WHAT THIS TASK INVOLVES: Give the records again exactly. Pictures do not belong in the copy.

RECORDS FOR THE TASK:
--------------------------------

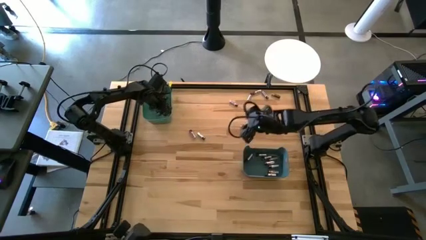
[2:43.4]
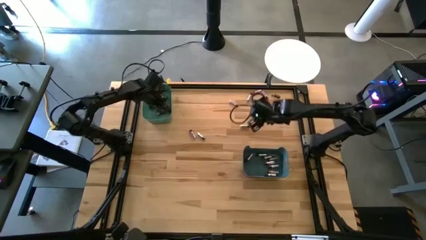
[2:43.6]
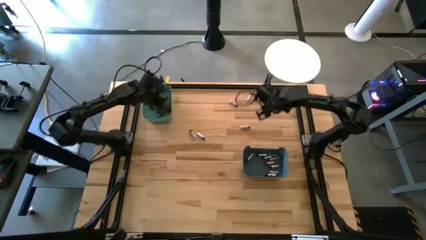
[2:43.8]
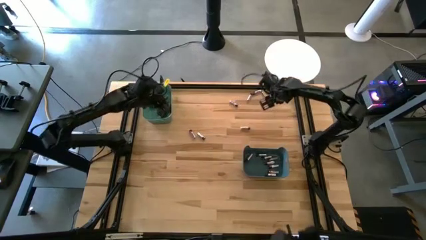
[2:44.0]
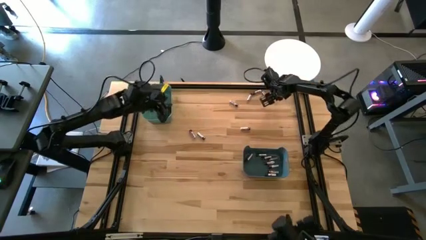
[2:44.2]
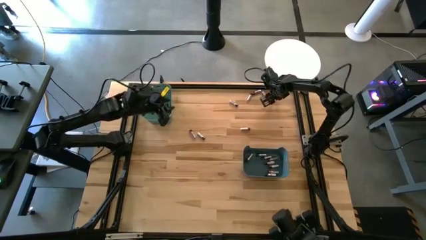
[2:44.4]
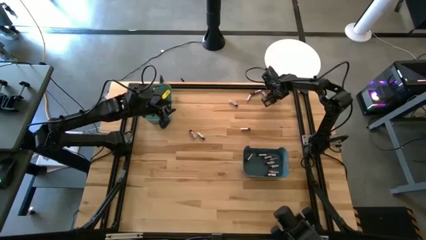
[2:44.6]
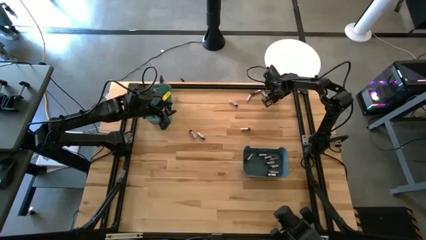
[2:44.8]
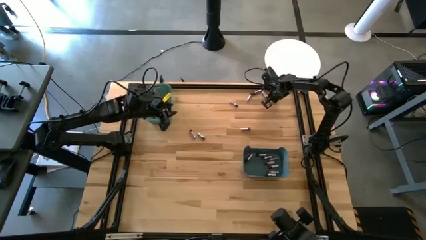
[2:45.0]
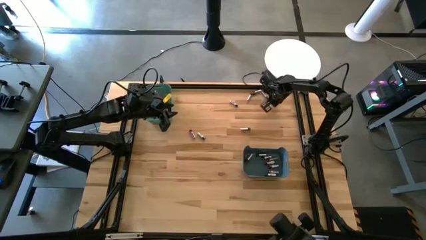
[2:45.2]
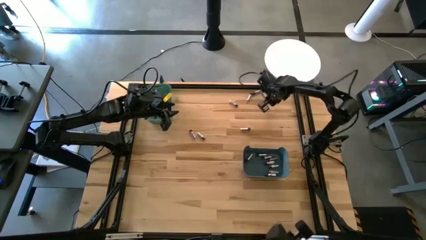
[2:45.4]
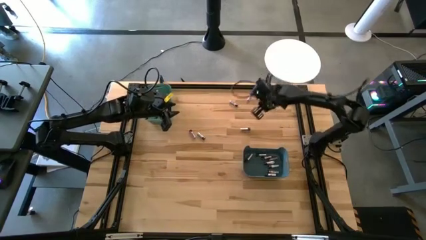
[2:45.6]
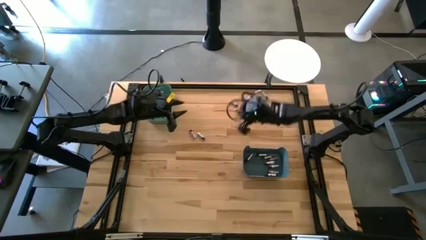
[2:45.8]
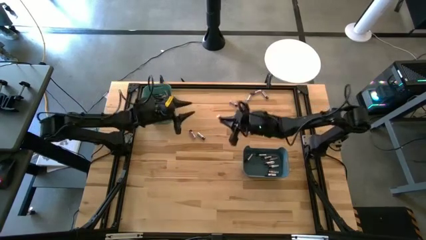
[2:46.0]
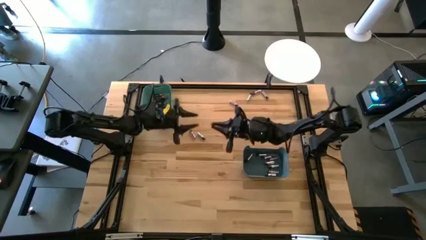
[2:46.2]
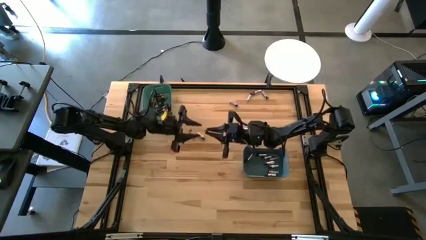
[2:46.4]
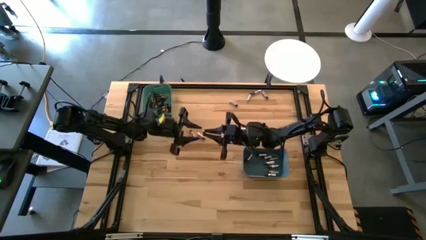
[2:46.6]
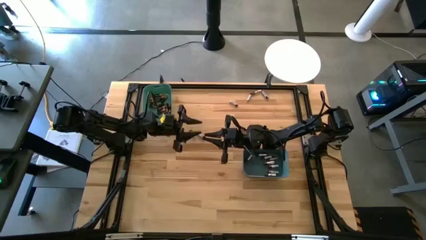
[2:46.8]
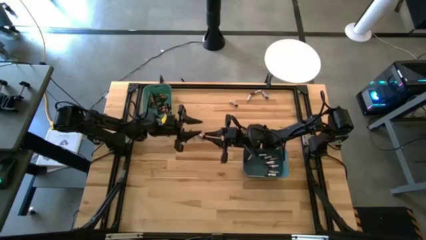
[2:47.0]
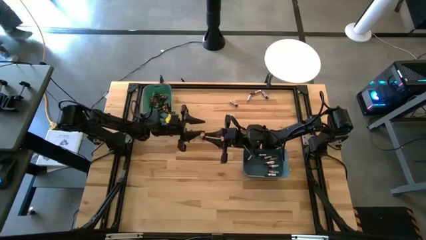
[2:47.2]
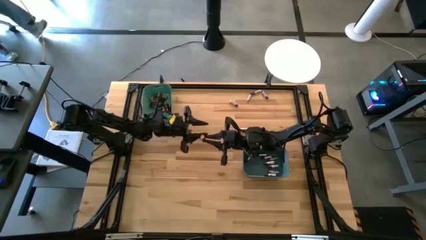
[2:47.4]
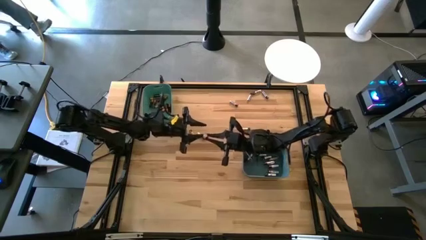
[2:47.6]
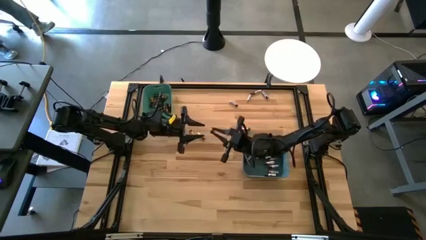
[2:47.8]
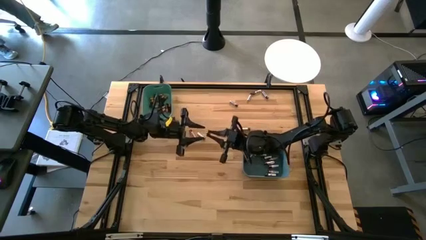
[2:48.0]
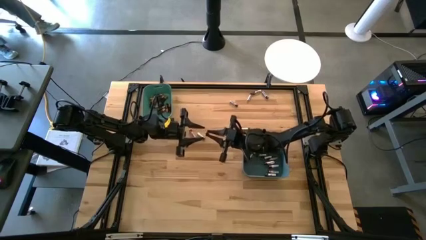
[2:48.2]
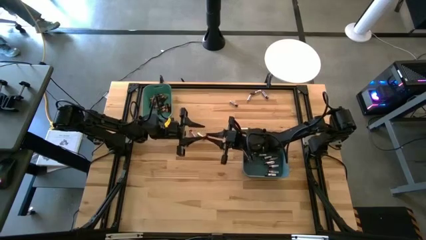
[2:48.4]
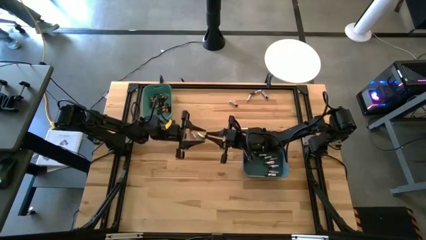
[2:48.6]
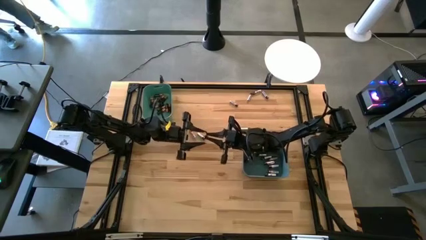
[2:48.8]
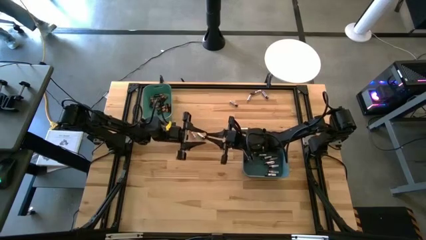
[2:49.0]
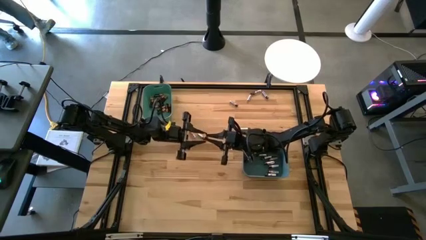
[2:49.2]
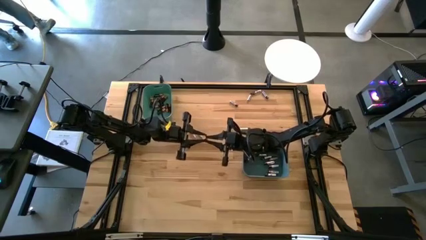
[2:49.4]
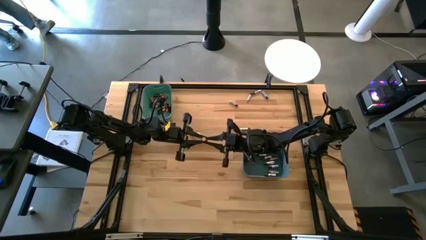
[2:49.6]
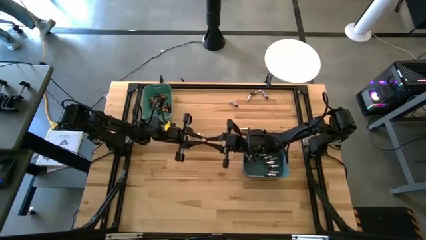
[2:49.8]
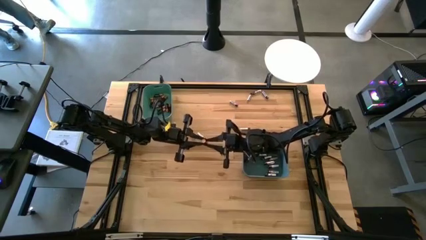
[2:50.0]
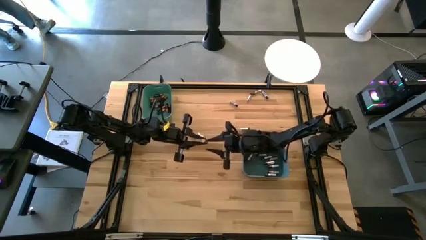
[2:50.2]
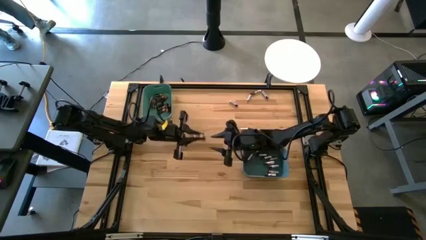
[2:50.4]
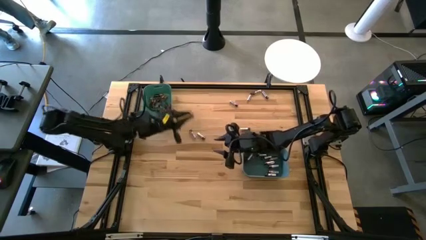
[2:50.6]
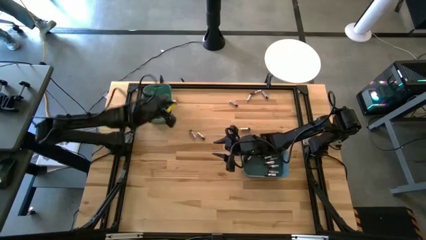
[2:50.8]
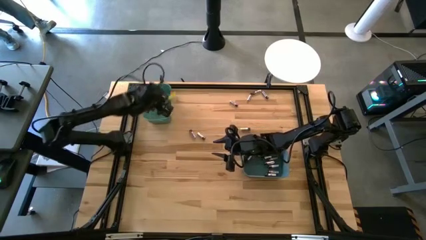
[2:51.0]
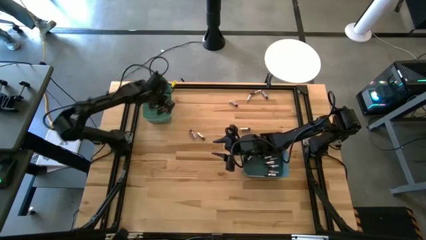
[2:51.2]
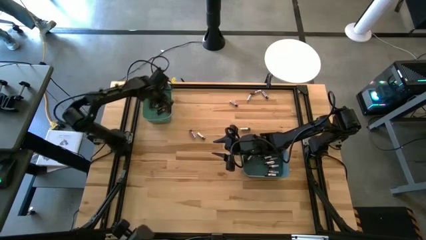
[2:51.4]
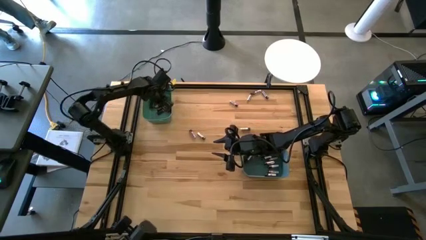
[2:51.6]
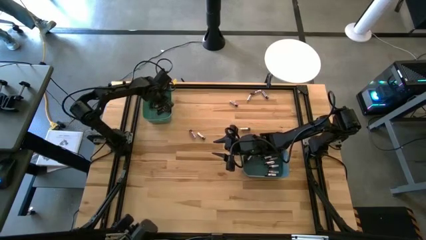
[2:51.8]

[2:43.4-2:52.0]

--------------------------------

EXERCISE OUTPUT:
[2:43.4]
[2:43.6]
[2:43.8]
[2:44.0]
[2:44.2]
[2:44.4]
[2:44.6]
[2:44.8]
[2:45.0]
[2:45.2]
[2:45.4]
[2:45.6]
[2:45.8]
[2:46.0]
[2:46.2]
[2:46.4]
[2:46.6]
[2:46.8]
[2:47.0]
[2:47.2]
[2:47.4]
[2:47.6]
[2:47.8]
[2:48.0]
[2:48.2]
[2:48.4]
[2:48.6]
[2:48.8]
[2:49.0]
[2:49.2]
[2:49.4]
[2:49.6]
[2:49.8]
[2:50.0]
[2:50.2]
[2:50.4]
[2:50.6]
[2:50.8]
[2:51.0]
[2:51.2]
[2:51.4]
[2:51.6]
[2:51.8]

[2:43.4-2:52.0]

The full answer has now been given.